Single iterative function. Holds a stack for backtracking instead of recursing, so it won't hit the internal stack limits like std::regex.
Supports actual PCRE features: \p{L}, \p{N}, lookaheads, lazy quantifiers (*?, +?, ??), possessive quantifiers (*+, ++, ?+), etc.
Test harness validates against HuggingFace's tokenizers library with 100% match rate.

Benchmarks

Across 25 test strings with 1000 iterations each:

GPT-2: 112ms vs 771ms (STL), 12.2x speedup
LLaMA 3: 86ms vs 1706ms (STL), 29.8x speedup
GPT-4o: 234ms vs 5661ms (STL), 18.2x speedup

Results: https://github.com/aldehir/pcre-to-cpp/blob/main/logs/benchmark.log

The STL patterns aren't identical to PCRE. They are converted to ASCII forms since std::regex can't handle \p{...}. So token counts may differ slightly.

Limitations

Only supports the Split pretokenizer type with inverse = false. I believe all of the patterns used in llama.cpp are of this type, but feel free to correct me if I am wrong.
No lookbehind or backreferences. Not needed for the current patterns.
The generated code is more verbose than hand-written equivalents. I added comments so it isn't too hard to follow.

Integration Path

Add pcre_to_cpp.py to scripts/
Pre-generate C++ for each pretokenizer pattern, stored in separate C++ source files.
Integrate in the unicode_regex_split_* functions.

Show Me the Code

Generated examples: https://github.com/aldehir/pcre-to-cpp/blob/main/examples/

If there is interest, I can submit the PR and add a custom implementation for gpt4o to address the issues above.

Important

The pcre_to_cpp.py script was written with AI assistance.

CISC · 2025-12-13T13:35:22Z

CISC
Dec 13, 2025
Collaborator

Impressive!

Limitations

* No lookbehind, backreferences, or possessive quantifiers. Not needed for the current patterns.

Think adding possessive quantifiers would be much work? It's actually used (but disabled due to not working everywhere) for f.ex. BailingMoE.

1 reply

aldehir Dec 13, 2025
Collaborator Author

It would not be much work at all. In fact, it was my first implementation until I found out I needed to backtrack to match patterns such as \s*[\n\r]+ and \s+(?!\S). Adding possessive quantifiers is straightforward.

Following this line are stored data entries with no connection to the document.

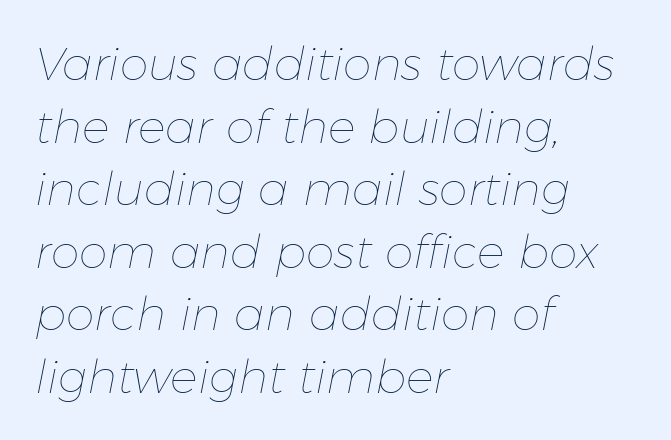
The image shows 46 px thin type, italic (leaning right); set left-aligned, normal line spacing (1.36x), normal letter spacing, not underlined; low stroke contrast and a medium x-height.
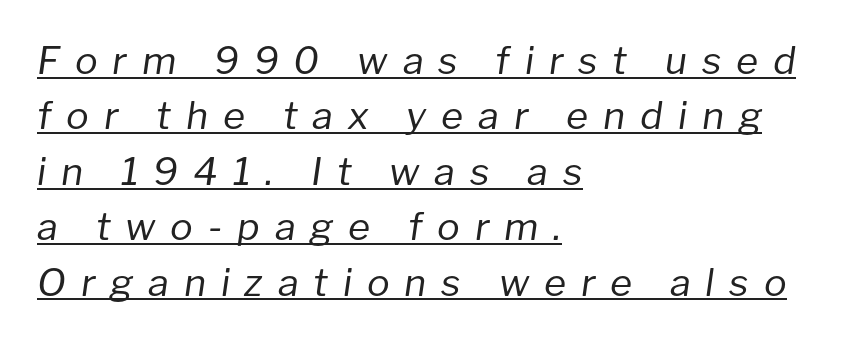
The image shows 38 px regular-weight type, italic (leaning right); set left-aligned, normal line spacing (1.46x), unusually wide letter spacing (+0.39 em), underlined; low stroke contrast and a medium x-height.
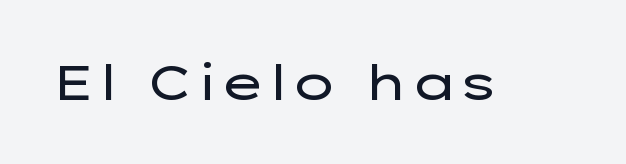
The image shows 49 px regular-weight, wide sans-serif type, upright; set normal letter spacing, not underlined; low stroke contrast and a medium x-height.
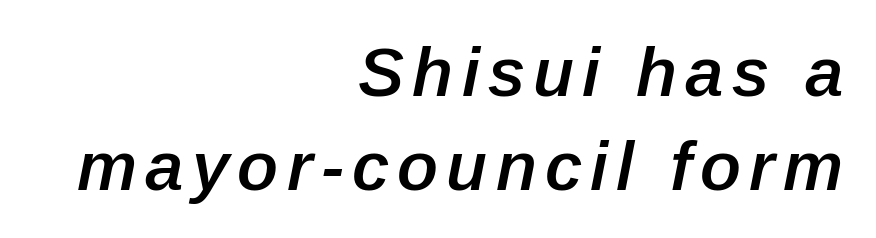
{"italic": "yes", "lean": "right", "slant_degrees": 12, "bold": "semi", "weight": "semibold", "width": "normal", "stroke_contrast": "low", "x_height": "medium", "monospaced": "no", "underline": "no", "align": "right", "line_spacing": "normal", "line_spacing_ratio": 1.36, "glyph_px": 69}
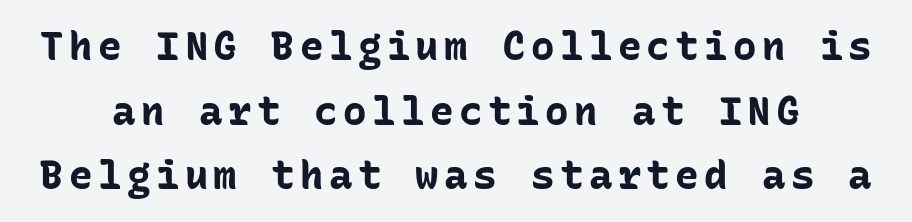
Heavy, bold letterforms. Here the designer chose a console-style face with uniform glyph widths. What's the leading like? Ordinary, nothing unusual. Only glyphs here, with clear space below each row. To sum up the face: it is a sans, with no serifs.
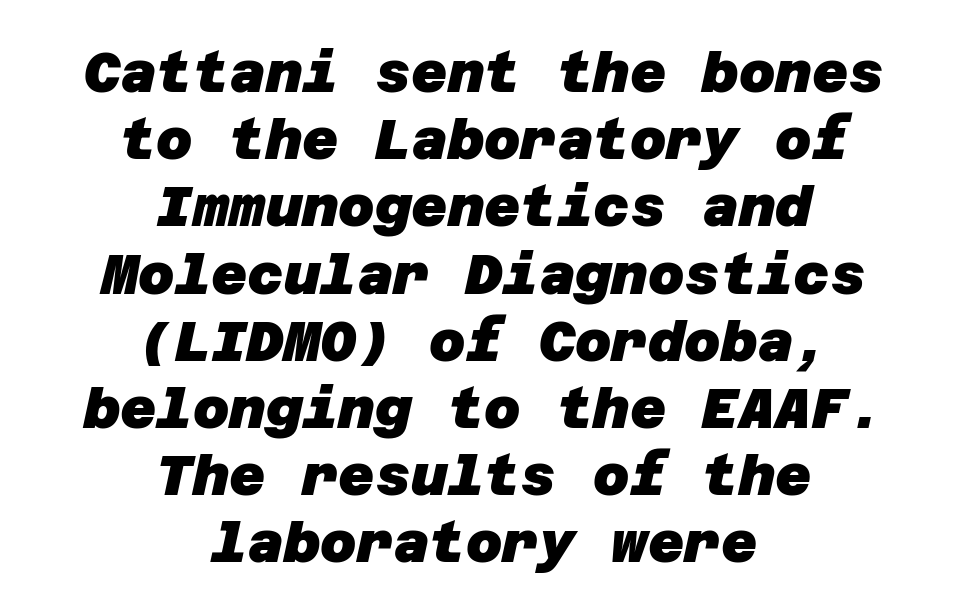
One-word summary of the alignment: center. The strokes are fattened all the way to bold. Observe the absence of serifs on each vertical stroke in this sample. The passage shown has conventional tracking throughout. Just letters on the line, the space beneath them empty.
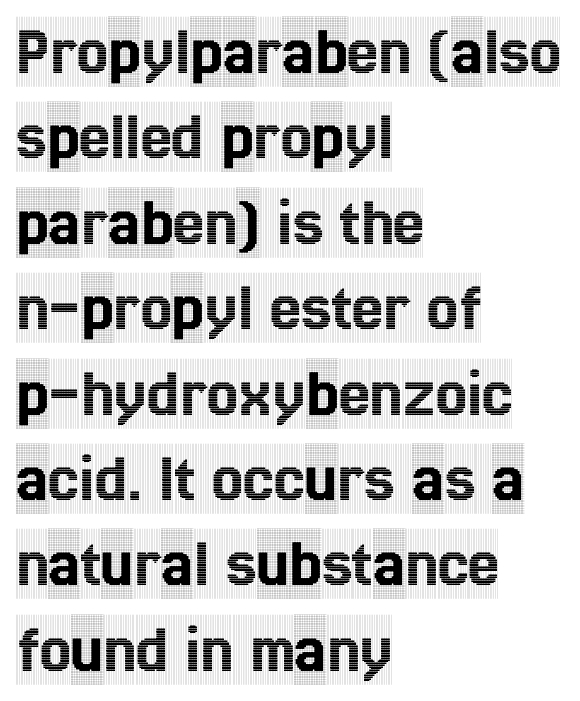
Q: Is the text italic (slanted)? A: No, it is upright.
Q: Is the typeface a serif or a sans-serif typeface? A: Serif.
Q: Is the text underlined? A: No.
Q: How is the paragraph aligned? A: Left-aligned.
Q: Is the spacing between letters normal or unusually wide? A: Normal.
Q: Width (condensed, normal, or wide)? A: Condensed.
Q: x-height? A: Large.
Q: Monospaced? A: No.
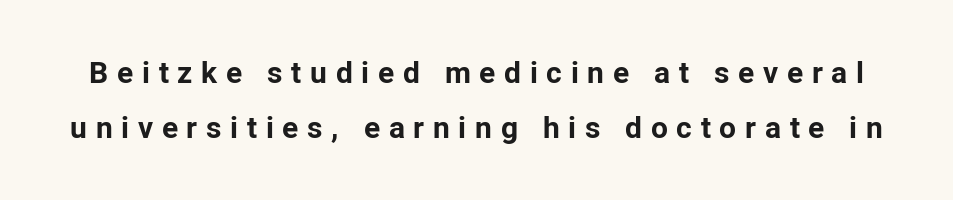
The characters look thick and weighty, a clear bold. Is this a sans? Yes — the strokes have no serifs. Students, note that the glyphs here are deliberately spaced far apart. Character widths vary here, with narrow letters taking less room than wide ones. Check under the words: just untouched page. Vertical strokes here are truly vertical.
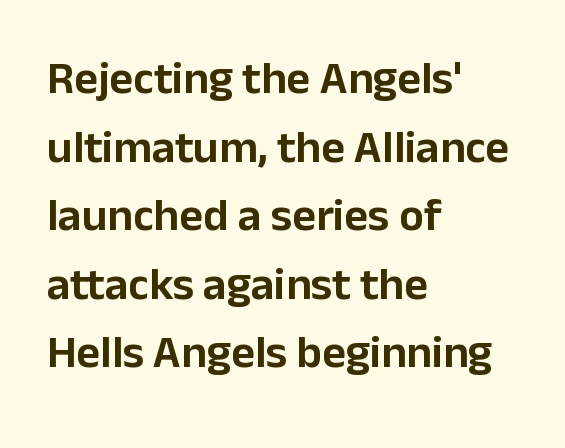
Q: Is the text italic (slanted)? A: No, it is upright.
Q: Is the typeface a serif or a sans-serif typeface? A: Sans-serif.
Q: Is the text underlined? A: No.
Q: How is the paragraph aligned? A: Left-aligned.
Q: Is the spacing between letters normal or unusually wide? A: Normal.
Q: Is the spacing between lines tight, normal or loose? A: Normal.
Q: Width (condensed, normal, or wide)? A: Normal.
Q: Stroke contrast? A: Low.
Q: x-height? A: Medium.
Q: Monospaced? A: No.
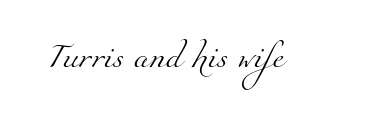
The image shows 25 px text type; set normal letter spacing, not underlined.
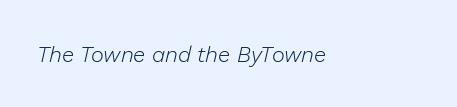
Is the stroke heavy? The answer is a plain regular-or-lighter. Yep, that's italic — everything's leaning. Caption: standard tracking, unaltered. The string is rendered with underlining switched off.
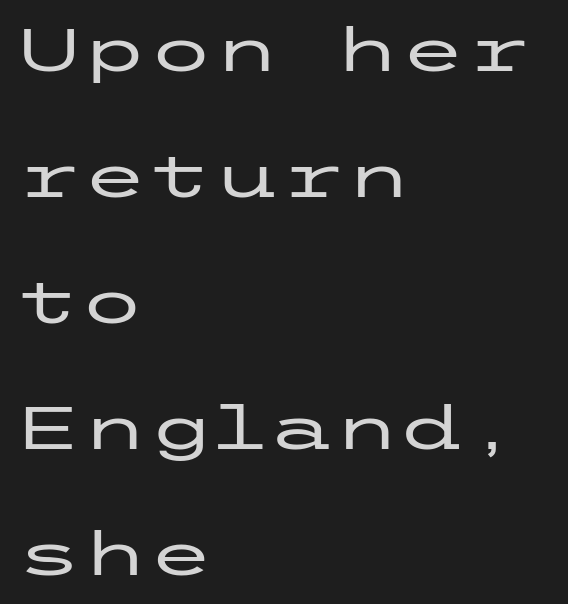
Q: Is the text italic (slanted)? A: No, it is upright.
Q: Is the typeface a serif or a sans-serif typeface? A: Sans-serif.
Q: Is the text underlined? A: No.
Q: How is the paragraph aligned? A: Left-aligned.
Q: Is the spacing between letters normal or unusually wide? A: Normal.
Q: Is the spacing between lines tight, normal or loose? A: Loose.
Q: Width (condensed, normal, or wide)? A: Wide.
Q: Stroke contrast? A: Low.
Q: x-height? A: Medium.

CISC · 2025-12-13T13:42:24Z

CISC
Dec 13, 2025
Collaborator

Could perhaps integrate this in convert_hf_to_gguf_update.py so we can semi-automate this process?

1 reply

aldehir Dec 13, 2025
Collaborator Author

That seems doable, you can import it from the module.

At a high level:

from pcre_to_cpp import parse_pcre, optimize, generate_cpp

# .. pull pattern from tokenizer.json ..

try:
    ast = parse_pcre(pretok_pattern)
except ValueError as e:
    print(f"Error parsing pattern: {e}", file=sys.stderr)
    # .. handle gracefully..

with open(f"src/pretokenizer/unicode-split-{pretok_name}.cpp") as f:
  f.write(generate_cpp(optimize(ast), pretok_name, pretok_pattern))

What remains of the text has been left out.